=== What is being asked ===
Every line in the records below that holds the word "Vraag" is to be copied.

(Excerpts from a dataset)
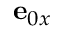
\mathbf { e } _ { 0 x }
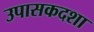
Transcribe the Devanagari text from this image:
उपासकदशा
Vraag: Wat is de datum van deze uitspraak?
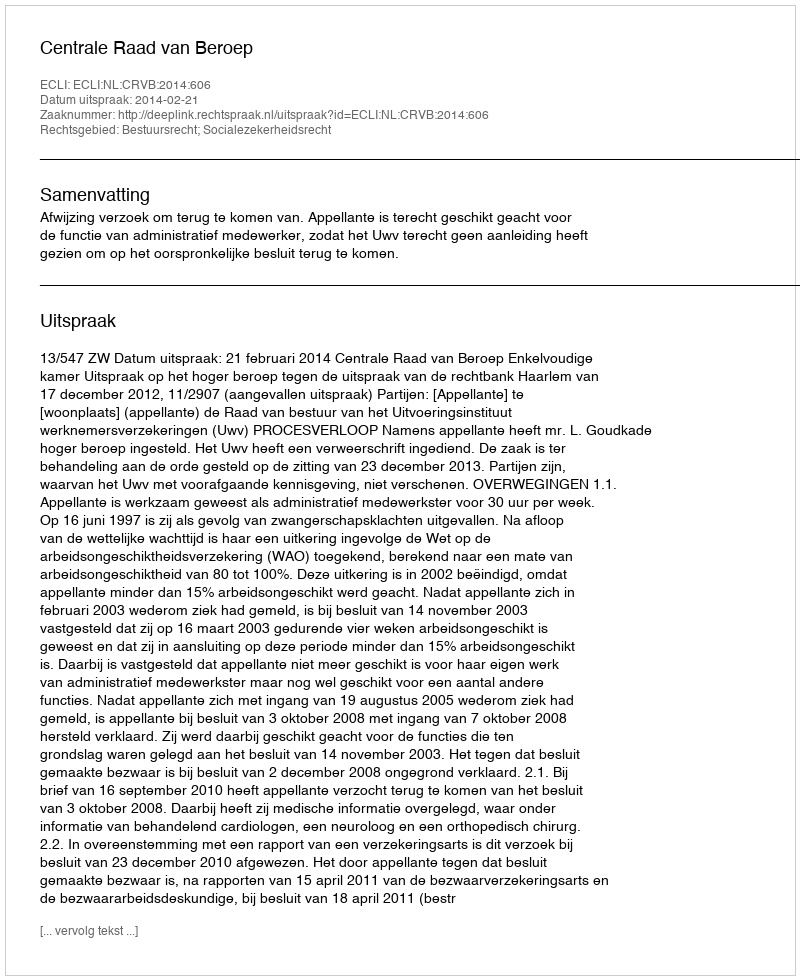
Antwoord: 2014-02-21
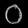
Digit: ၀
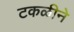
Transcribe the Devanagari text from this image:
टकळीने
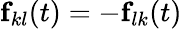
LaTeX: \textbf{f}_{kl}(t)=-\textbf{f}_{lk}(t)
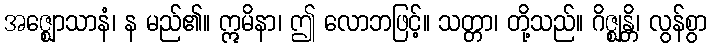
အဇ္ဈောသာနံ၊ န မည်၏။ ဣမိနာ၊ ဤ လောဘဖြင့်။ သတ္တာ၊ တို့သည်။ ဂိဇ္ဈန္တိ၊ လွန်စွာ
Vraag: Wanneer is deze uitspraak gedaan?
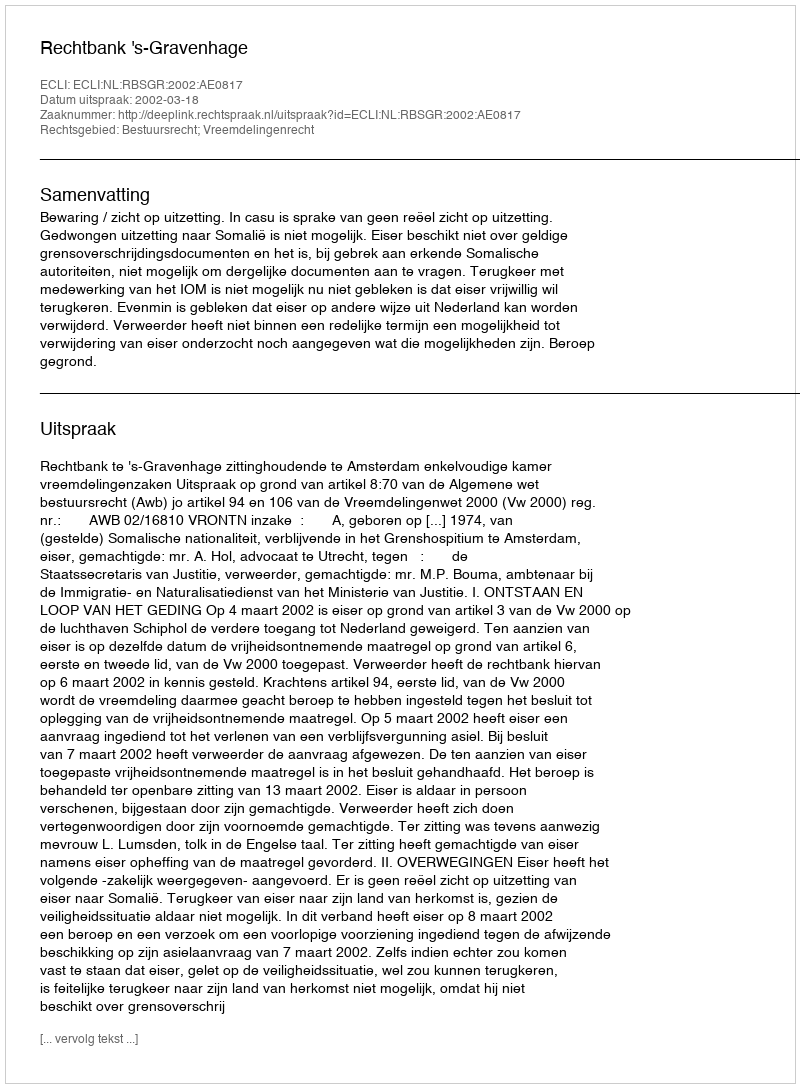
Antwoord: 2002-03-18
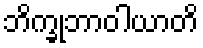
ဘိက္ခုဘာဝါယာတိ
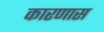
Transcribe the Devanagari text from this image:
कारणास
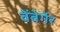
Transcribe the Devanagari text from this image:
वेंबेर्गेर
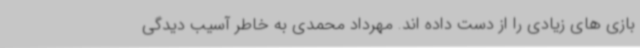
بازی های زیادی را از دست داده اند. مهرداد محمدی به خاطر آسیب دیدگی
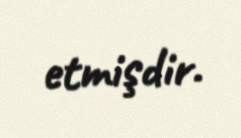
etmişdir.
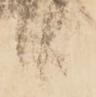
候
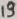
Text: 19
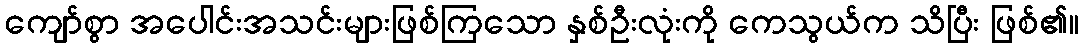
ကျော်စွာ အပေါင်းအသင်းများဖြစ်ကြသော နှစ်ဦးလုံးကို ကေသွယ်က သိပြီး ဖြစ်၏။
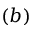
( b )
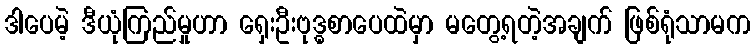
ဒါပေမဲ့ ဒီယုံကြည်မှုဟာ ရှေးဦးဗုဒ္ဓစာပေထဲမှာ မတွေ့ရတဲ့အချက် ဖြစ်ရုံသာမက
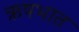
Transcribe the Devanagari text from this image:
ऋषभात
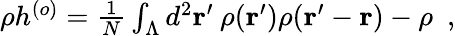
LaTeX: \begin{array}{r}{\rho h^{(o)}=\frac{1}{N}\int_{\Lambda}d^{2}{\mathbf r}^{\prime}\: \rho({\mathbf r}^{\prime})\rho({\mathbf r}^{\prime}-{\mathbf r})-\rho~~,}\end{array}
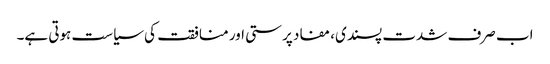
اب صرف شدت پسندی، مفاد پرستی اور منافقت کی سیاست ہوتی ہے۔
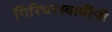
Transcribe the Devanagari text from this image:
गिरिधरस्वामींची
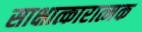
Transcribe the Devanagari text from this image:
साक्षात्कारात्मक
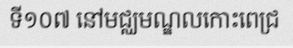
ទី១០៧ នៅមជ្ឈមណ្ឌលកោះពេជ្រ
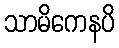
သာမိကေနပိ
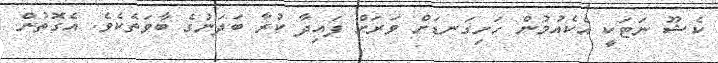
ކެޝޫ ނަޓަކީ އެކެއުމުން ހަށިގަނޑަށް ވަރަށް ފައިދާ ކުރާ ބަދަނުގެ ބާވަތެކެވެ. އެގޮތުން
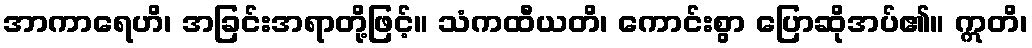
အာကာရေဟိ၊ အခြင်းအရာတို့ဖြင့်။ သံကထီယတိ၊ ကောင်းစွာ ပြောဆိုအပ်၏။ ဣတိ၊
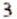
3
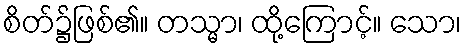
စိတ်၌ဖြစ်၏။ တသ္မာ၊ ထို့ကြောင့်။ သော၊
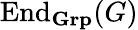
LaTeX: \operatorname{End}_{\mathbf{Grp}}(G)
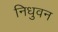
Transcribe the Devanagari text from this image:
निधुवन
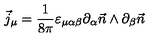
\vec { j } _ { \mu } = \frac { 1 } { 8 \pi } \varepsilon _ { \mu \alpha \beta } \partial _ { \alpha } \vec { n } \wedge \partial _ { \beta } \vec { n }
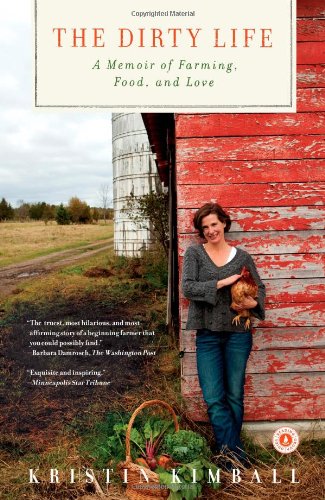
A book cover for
==
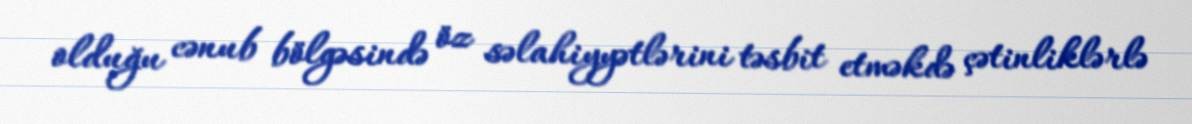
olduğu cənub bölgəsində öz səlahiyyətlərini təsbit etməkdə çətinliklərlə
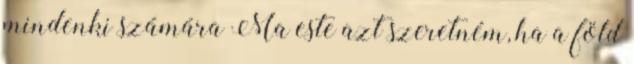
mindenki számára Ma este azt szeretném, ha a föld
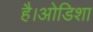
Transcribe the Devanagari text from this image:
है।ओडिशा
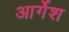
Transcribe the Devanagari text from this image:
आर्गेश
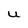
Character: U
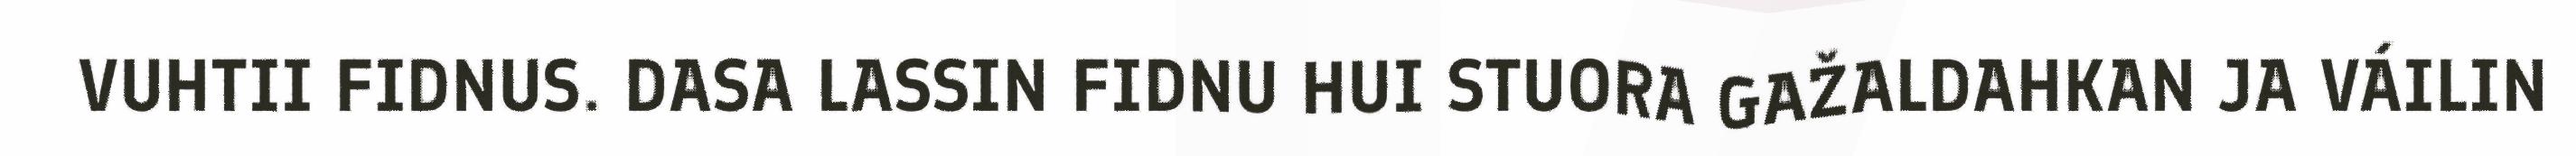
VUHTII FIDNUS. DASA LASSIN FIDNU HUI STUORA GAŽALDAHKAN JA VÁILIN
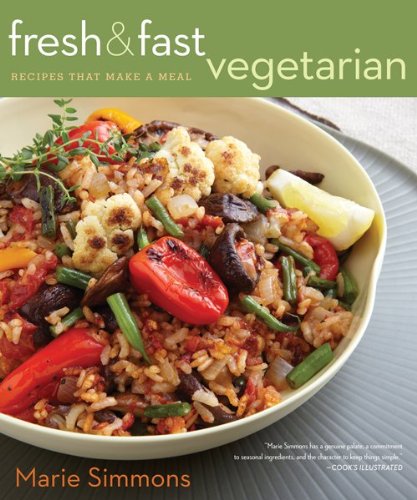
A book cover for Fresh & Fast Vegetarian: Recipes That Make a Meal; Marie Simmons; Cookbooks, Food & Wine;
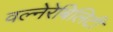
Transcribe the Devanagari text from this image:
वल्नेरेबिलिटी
==
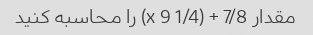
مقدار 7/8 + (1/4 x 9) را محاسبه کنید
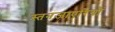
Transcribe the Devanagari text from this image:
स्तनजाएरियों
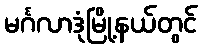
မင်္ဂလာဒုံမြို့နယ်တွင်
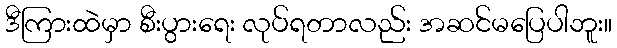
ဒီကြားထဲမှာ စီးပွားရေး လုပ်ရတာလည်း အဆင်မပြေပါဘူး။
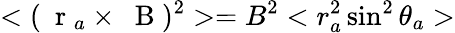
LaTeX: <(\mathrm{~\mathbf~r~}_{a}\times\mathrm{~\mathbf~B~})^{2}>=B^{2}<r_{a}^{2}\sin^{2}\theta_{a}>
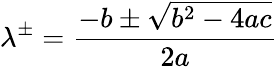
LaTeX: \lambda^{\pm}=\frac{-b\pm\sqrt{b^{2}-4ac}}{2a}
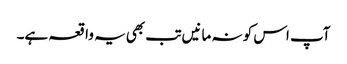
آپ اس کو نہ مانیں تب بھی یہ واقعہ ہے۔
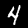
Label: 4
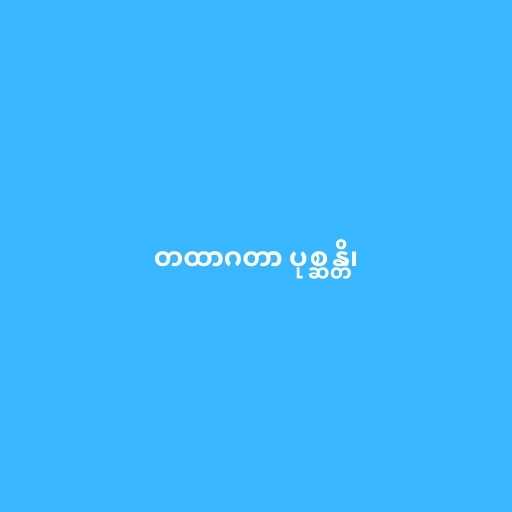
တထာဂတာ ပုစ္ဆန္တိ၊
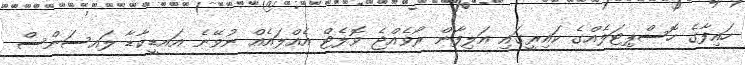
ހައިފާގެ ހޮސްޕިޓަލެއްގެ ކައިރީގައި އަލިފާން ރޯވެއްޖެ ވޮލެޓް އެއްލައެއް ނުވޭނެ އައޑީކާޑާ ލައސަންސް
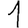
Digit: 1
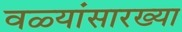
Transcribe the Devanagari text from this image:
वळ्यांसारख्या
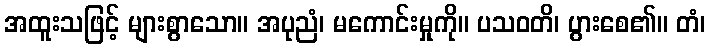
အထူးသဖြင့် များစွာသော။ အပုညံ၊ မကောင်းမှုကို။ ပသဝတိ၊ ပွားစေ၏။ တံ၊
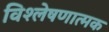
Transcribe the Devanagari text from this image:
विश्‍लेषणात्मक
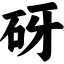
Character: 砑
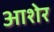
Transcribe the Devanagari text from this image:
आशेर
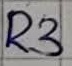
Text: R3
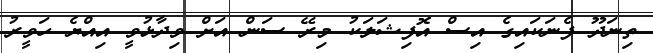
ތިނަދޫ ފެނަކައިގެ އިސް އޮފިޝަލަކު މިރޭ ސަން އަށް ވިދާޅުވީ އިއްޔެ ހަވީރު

=== Output for this task ===
Vraag: Wat is de datum van deze uitspraak?
Vraag: Wanneer is deze uitspraak gedaan?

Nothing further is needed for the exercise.